See the file "extensions.txt" about design of Plugins/Extensions.


ENCODING AND CHARACTERS

We deal with UTF-8 encoding.  If you want to use some other encoding for your wiki software, then JCreole is not the tool for you.  Similarly, we "write" line delimiters only as \n.  We never write \r's.
As JCreole output will usually be combined with other material to generate HTML page, you should definitely do a '.replace("\n", "\r\n")' if the other content uses DOS line separators.
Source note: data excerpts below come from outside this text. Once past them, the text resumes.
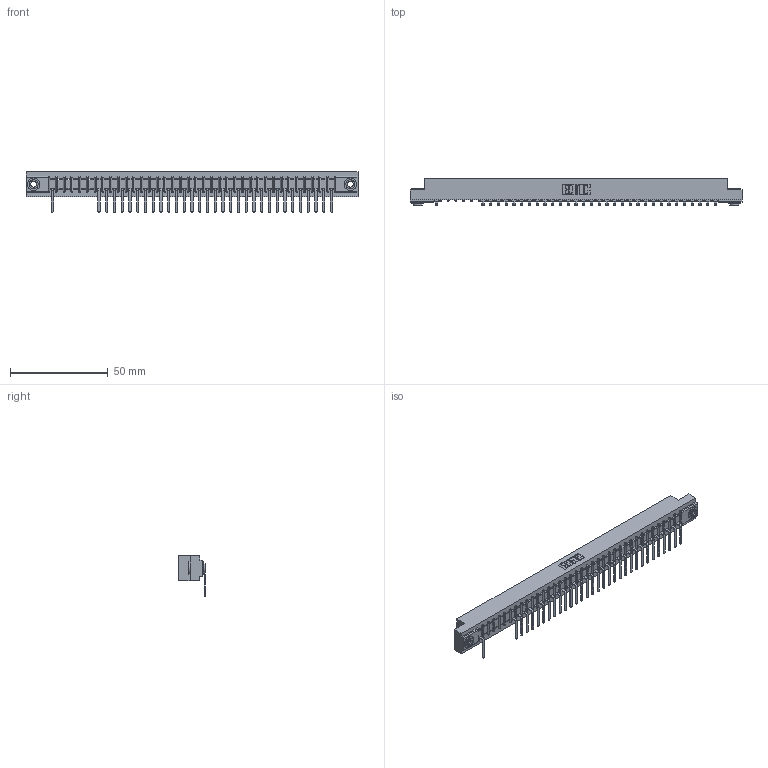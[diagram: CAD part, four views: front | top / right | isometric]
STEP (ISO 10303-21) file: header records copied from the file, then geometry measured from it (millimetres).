
FILE_DESCRIPTION (( 'STEP AP203' ), '1' );
FILE_NAME ('357-037-557-103.STEP', '2018-08-10T08:10:44', ( '' ), ( '' ), 'SwSTEP 2.0', 'SolidWorks 2016', '' );
FILE_SCHEMA (( 'CONFIG_CONTROL_DESIGN' ));
Length unit declared in the file: inch
Products named in the file (4): 307 Part_.156 Dia Mounting Holes; 307-290-002_557; 345-250-002_345-250-002-102; 357-037-557-103
Assembly tree (35 placements, depth 2):
  357-037-557-103
    307 Part_.156 Dia Mounting Holes
    307-290-002_557  x32
    345-250-002_345-250-002-102  x2
Bounding box: 169.62 x 13.36 x 20.66 mm (x, y, z)
Volume: 18057.3 mm3; surface area: 22478.8 mm2
Topology: 35 solids, 35 shells, 2804 faces, 8563 edges, 5602 vertices
Faces by surface type: plane 1658, cylinder 1062, sphere 76, cone 8
Entity records: 34095 total; most frequent: CARTESIAN_POINT 5752, ORIENTED_EDGE 5738, DIRECTION 5601, EDGE_CURVE 2869, LINE 2187, VECTOR 2187, VERTEX_POINT 1858, AXIS2_PLACEMENT_3D 1707
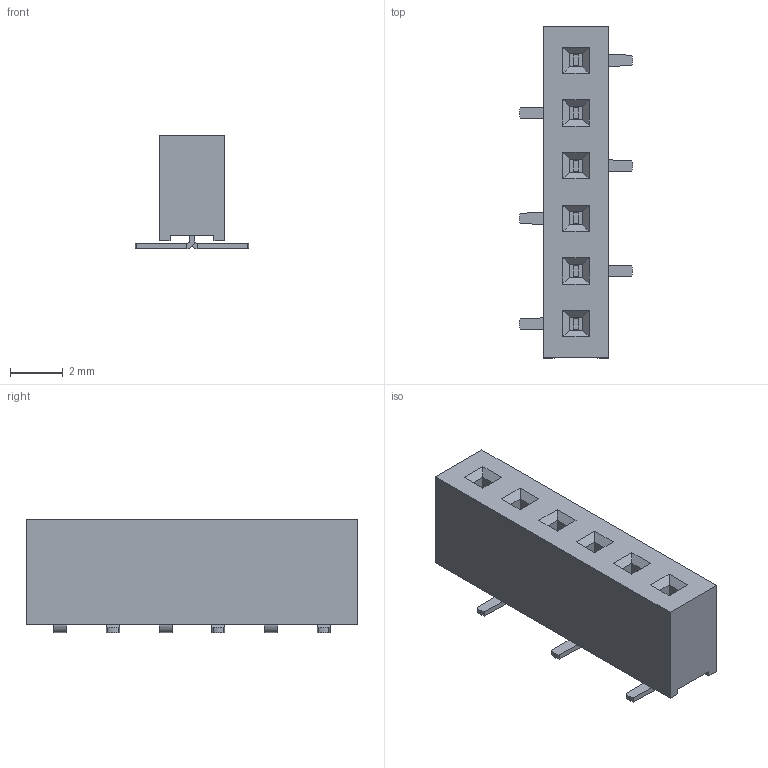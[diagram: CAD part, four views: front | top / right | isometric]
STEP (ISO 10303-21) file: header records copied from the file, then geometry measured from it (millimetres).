
FILE_DESCRIPTION(/* description */ ('model of PinSocket_1x06_P2.00mm_Vertical_SMD_Pin1Right'),/* implementation_level */ '2;1');
FILE_NAME(/* name */ 'PinSocket_1x06_P2.00mm_Vertical_SMD_Pin1Right.step',/* time_stamp */ '1970-01-01T00:00:00',/* author */ ('KiCAD','kicad'),/* organization */ ('OCCT'),/* preprocessor_version */ '',/* originating_system */ 'KiCAD',/* authorisation */ '');
FILE_SCHEMA(('AUTOMOTIVE_DESIGN { 1 0 10303 214 1 1 1 1 }'));
Length unit declared in the file: millimetre
Products named in the file (1): PinSocket_1x06_P2.00mm_Vertical_SMD_Pin1Right
Bounding box: 4.3 x 12.6 x 4.3 mm (x, y, z)
Volume: 118.2 mm3; surface area: 248.3 mm2
Topology: 1 solids, 1 shells, 190 faces, 480 edges, 304 vertices
Faces by surface type: plane 172, cylinder 18
Entity records: 3714 total; most frequent: ORIENTED_EDGE 720, EDGE_CURVE 480, CARTESIAN_POINT 460, LINE 418, VERTEX_POINT 304, FACE_BOUND 202, EDGE_LOOP 202, AXIS2_PLACEMENT_3D 196
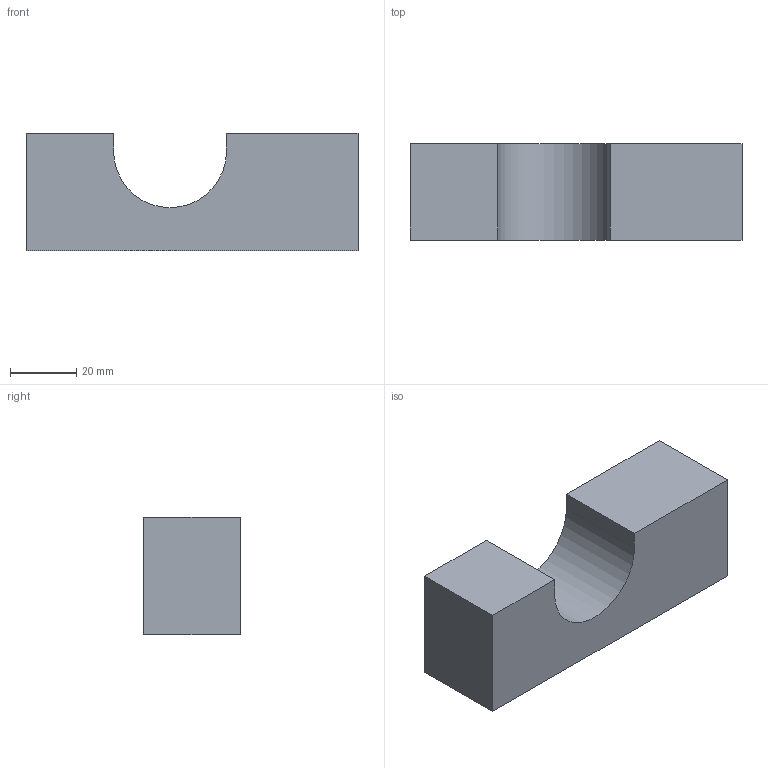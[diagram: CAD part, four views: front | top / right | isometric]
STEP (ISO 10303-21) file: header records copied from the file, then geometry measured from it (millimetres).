
FILE_DESCRIPTION(/* description */ (''),/* implementation_level */ '2;1');
FILE_NAME(/* name */ '3.2_NON-PLANAR FLOOR Pocket_v01.stp',/* time_stamp */ '2022-03-28T19:34:22+02:00',/* author */ ('pschwitalla'),/* organization */ ('igus GmbH'),/* preprocessor_version */ 'ST-DEVELOPER v18.1',/* originating_system */ 'Autodesk Inventor 2020',/* authorisation */ '');
FILE_SCHEMA (('AUTOMOTIVE_DESIGN { 1 0 10303 214 3 1 1 }'));
Length unit declared in the file: centimetre
Products named in the file (1): Part 2a_nonflat pocket
Bounding box: 100 x 29 x 35.42 mm (x, y, z)
Volume: 84212.2 mm3; surface area: 14539.5 mm2
Topology: 1 solids, 1 shells, 10 faces, 24 edges, 16 vertices
Faces by surface type: plane 9, cylinder 1
Entity records: 325 total; most frequent: CARTESIAN_POINT 51, ORIENTED_EDGE 48, DIRECTION 48, EDGE_CURVE 24, LINE 22, VECTOR 22, VERTEX_POINT 16, AXIS2_PLACEMENT_3D 13
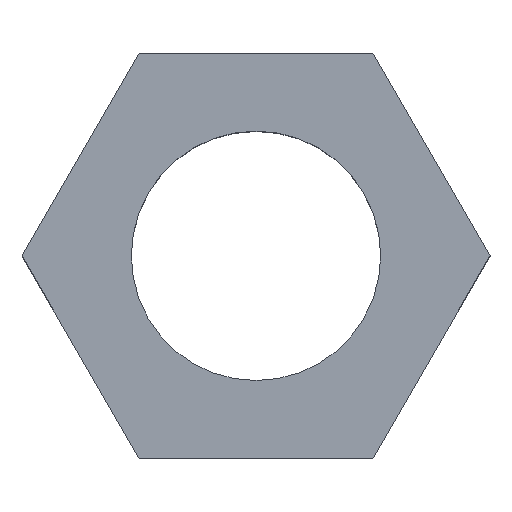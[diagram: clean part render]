
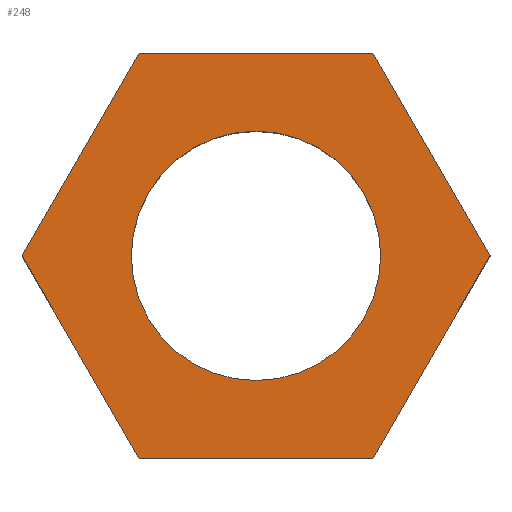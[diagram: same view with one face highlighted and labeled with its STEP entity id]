
A CAD part, top view. The second image highlights one B-rep face of the part: STEP entity #248.
In plain terms, the highlighted planar face has unit normal (0, 0, 1).
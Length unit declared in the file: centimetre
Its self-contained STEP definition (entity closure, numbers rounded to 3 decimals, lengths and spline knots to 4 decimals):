
#104=CIRCLE('',#257,0.4);
#107=VERTEX_POINT('',#295);
#108=VERTEX_POINT('',#296);
#111=VERTEX_POINT('',#304);
#113=VERTEX_POINT('',#310);
#115=VERTEX_POINT('',#316);
#117=VERTEX_POINT('',#322);
#119=VERTEX_POINT('',#331);
#121=VECTOR('',#262,1.);
#125=VECTOR('',#267,1.);
#128=VECTOR('',#271,1.);
#131=VECTOR('',#275,1.);
#134=VECTOR('',#279,1.);
#137=VECTOR('',#283,1.);
#139=LINE('',#294,#121);
#143=LINE('',#303,#125);
#146=LINE('',#309,#128);
#149=LINE('',#315,#131);
#152=LINE('',#321,#134);
#155=LINE('',#327,#137);
#157=EDGE_CURVE('',#107,#108,#139,.T.);
#161=EDGE_CURVE('',#108,#111,#143,.T.);
#164=EDGE_CURVE('',#111,#113,#146,.T.);
#167=EDGE_CURVE('',#113,#115,#149,.T.);
#170=EDGE_CURVE('',#115,#117,#152,.T.);
#173=EDGE_CURVE('',#117,#107,#155,.T.);
#175=EDGE_CURVE('',#119,#119,#104,.T.);
#203=ORIENTED_EDGE('',*,*,#175,.F.);
#204=ORIENTED_EDGE('',*,*,#157,.F.);
#205=ORIENTED_EDGE('',*,*,#173,.F.);
#206=ORIENTED_EDGE('',*,*,#170,.F.);
#207=ORIENTED_EDGE('',*,*,#167,.F.);
#208=ORIENTED_EDGE('',*,*,#164,.F.);
#209=ORIENTED_EDGE('',*,*,#161,.F.);
#225=EDGE_LOOP('',(#203));
#226=EDGE_LOOP('',(#204,#205,#206,#207,#208,#209));
#237=FACE_BOUND('',#225,.T.);
#238=FACE_BOUND('',#226,.T.);
#248=ADVANCED_FACE('',(#237,#238),#342,.T.);
#257=AXIS2_PLACEMENT_3D('',#330,#287,#288);
#259=AXIS2_PLACEMENT_3D('',#334,#291,$);
#262=DIRECTION('',(1.,0.,0.));
#267=DIRECTION('',(0.5,-0.866,0.));
#271=DIRECTION('',(-0.5,-0.866,0.));
#275=DIRECTION('',(-1.,0.,0.));
#279=DIRECTION('',(-0.5,0.866,0.));
#283=DIRECTION('',(0.5,0.866,0.));
#287=DIRECTION('',(0.,0.,1.));
#288=DIRECTION('',(0.4,0.,0.));
#291=DIRECTION('',(0.,0.,1.));
#294=CARTESIAN_POINT('',(0.3753,0.65,0.325));
#295=CARTESIAN_POINT('',(-0.3753,0.65,0.325));
#296=CARTESIAN_POINT('',(0.3753,0.65,0.325));
#303=CARTESIAN_POINT('',(0.7506,0.,0.325));
#304=CARTESIAN_POINT('',(0.7506,0.,0.325));
#309=CARTESIAN_POINT('',(0.3753,-0.65,0.325));
#310=CARTESIAN_POINT('',(0.3753,-0.65,0.325));
#315=CARTESIAN_POINT('',(-0.3753,-0.65,0.325));
#316=CARTESIAN_POINT('',(-0.3753,-0.65,0.325));
#321=CARTESIAN_POINT('',(-0.7506,0.,0.325));
#322=CARTESIAN_POINT('',(-0.7506,0.,0.325));
#327=CARTESIAN_POINT('',(-0.3753,0.65,0.325));
#330=CARTESIAN_POINT('',(0.,0.,0.325));
#331=CARTESIAN_POINT('',(0.4,0.,0.325));
#334=CARTESIAN_POINT('',(0.,0.,0.325));
#342=PLANE('',#259);
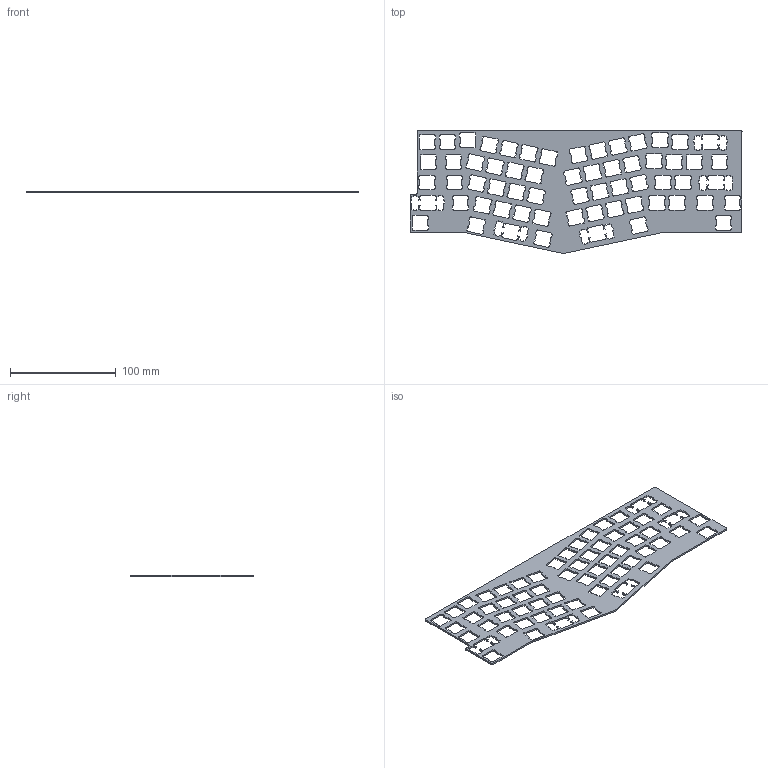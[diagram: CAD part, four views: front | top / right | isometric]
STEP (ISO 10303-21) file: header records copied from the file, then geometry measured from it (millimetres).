
FILE_DESCRIPTION(('KiCad electronic assembly'),'2;1');
FILE_NAME('plate.step','2025-07-31T14:18:15',('Pcbnew'),('Kicad'), 'Open CASCADE STEP processor 7.9','KiCad to STEP converter','Unknown' );
FILE_SCHEMA(('AUTOMOTIVE_DESIGN { 1 0 10303 214 1 1 1 1 }'));
Length unit declared in the file: millimetre
Products named in the file (2): plate 1; plate_PCB
Assembly tree (1 placements, depth 2):
  plate 1
    plate_PCB
Bounding box: 313.91 x 116.46 x 1.51 mm (x, y, z)
Volume: 27153.9 mm3; surface area: 43613.4 mm2
Topology: 1 solids, 1 shells, 1457 faces, 4365 edges, 2910 vertices
Faces by surface type: plane 1451, cylinder 6
Entity records: 48336 total; most frequent: CARTESIAN_POINT 8734, ORIENTED_EDGE 8730, DIRECTION 7295, EDGE_CURVE 4365, LINE 4353, VECTOR 4353, VERTEX_POINT 2910, FACE_BOUND 1581
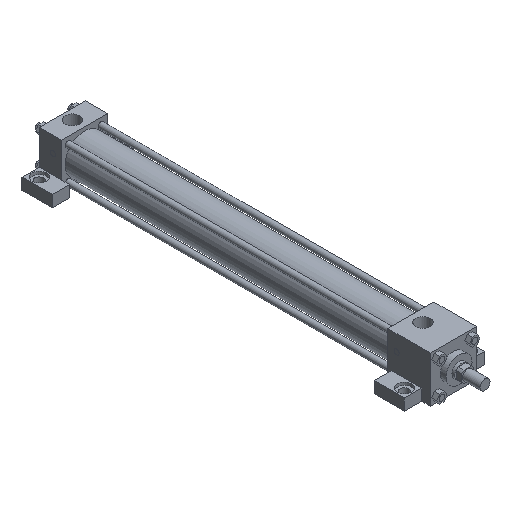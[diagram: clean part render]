
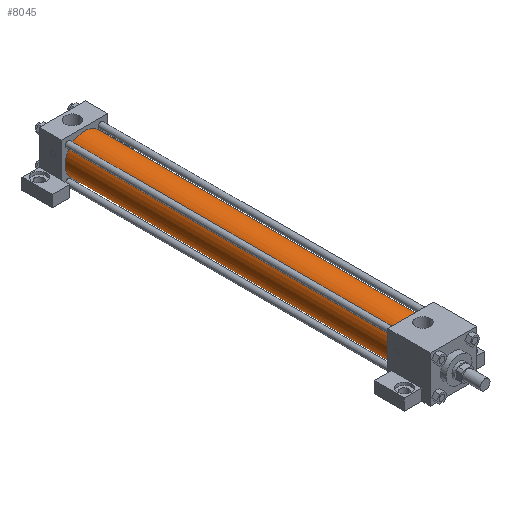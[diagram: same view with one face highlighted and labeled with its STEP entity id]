
A CAD part, isometric view. The second image highlights one B-rep face of the part: STEP entity #8045.
In plain terms, the highlighted cylindrical face has radius 21.463 mm (diameter 42.926 mm), a full revolution.
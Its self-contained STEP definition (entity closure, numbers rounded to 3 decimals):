
#1238=EDGE_CURVE('',#1244,#1244,#1239,.T.);
#1239=CIRCLE('',#1240,21.463);
#1240=AXIS2_PLACEMENT_3D('',#1241,#1242,#1243);
#1241=CARTESIAN_POINT('',(0.,62.706,0.));
#1242=DIRECTION('',(0.,1.,0.));
#1243=DIRECTION('',(-1.,0.,0.));
#1244=VERTEX_POINT('',#1245);
#1245=CARTESIAN_POINT('',(-21.463,62.706,0.));
#2765=FACE_OUTER_BOUND('',#2767,.T.);
#2766=FACE_BOUND('',#2768,.T.);
#2767=EDGE_LOOP('',(#2769));
#2768=EDGE_LOOP('',(#2778));
#2769=ORIENTED_EDGE('',*,*,#2770,.F.);
#2770=EDGE_CURVE('',#2776,#2776,#2771,.T.);
#2771=CIRCLE('',#2772,21.463);
#2772=AXIS2_PLACEMENT_3D('',#2773,#2774,#2775);
#2773=CARTESIAN_POINT('',(0.,423.069,0.));
#2774=DIRECTION('',(0.,1.,0.));
#2775=DIRECTION('',(1.,0.,0.));
#2776=VERTEX_POINT('',#2777);
#2777=CARTESIAN_POINT('',(21.463,423.069,0.));
#2778=ORIENTED_EDGE('',*,*,#1238,.T.);
#2779=CYLINDRICAL_SURFACE('',#2780,21.463);
#2780=AXIS2_PLACEMENT_3D('',#2781,#2782,#2783);
#2781=CARTESIAN_POINT('',(0.,423.069,0.));
#2782=DIRECTION('',(0.,-1.,0.));
#2783=DIRECTION('',(0.,0.,-1.));
#8045=ADVANCED_FACE('',(#2765,#2766),#2779,.T.);

You must either supply a stream that has no control characters other than \r and tabs (\t) (... and this means no \r carriage returns), or use the new* static factory methods to strip them from your input.  It would multiplied the complexity of the scanner greatly to have to accommodate the other characters.
If you will be serving huge documents like books, you may instantiate your own Reader filter to assure this on your own, but it could be difficult to do so without losing the benefit of low-level caching.
(If you do implement a char-by-char filtering Reader that is high performance and has no capacity limit, send it to me and I'll incorporate it and remove the limitations described here).


DIRECT HTML

Users may code <, ", etc. in their Creole input, of course, and those characters will be translated to &lt; and &quot;, etc.
For security reasons, the only way that a Creole document author can get the real characters <, ", etc., directly into output is by using the <<~...>> plugin supplied for that purpose.


CHARACTER ENTITIES

Entities of the form &[a-zA-Z0-9]+; are passed from Creole input to output unadulterated.
(That expression is in Regexp. format, not BNF).
See the values in the "Entity Name" columns in the tables at http://www.w3schools.com/tags/ref_entities.asp for the many entities that you can use.
Considering whether to allow escaping this behavior like "~&lt;" to have output write "&amp;lt;", but not doing so for now since that would violate the Creole 1.0 spec.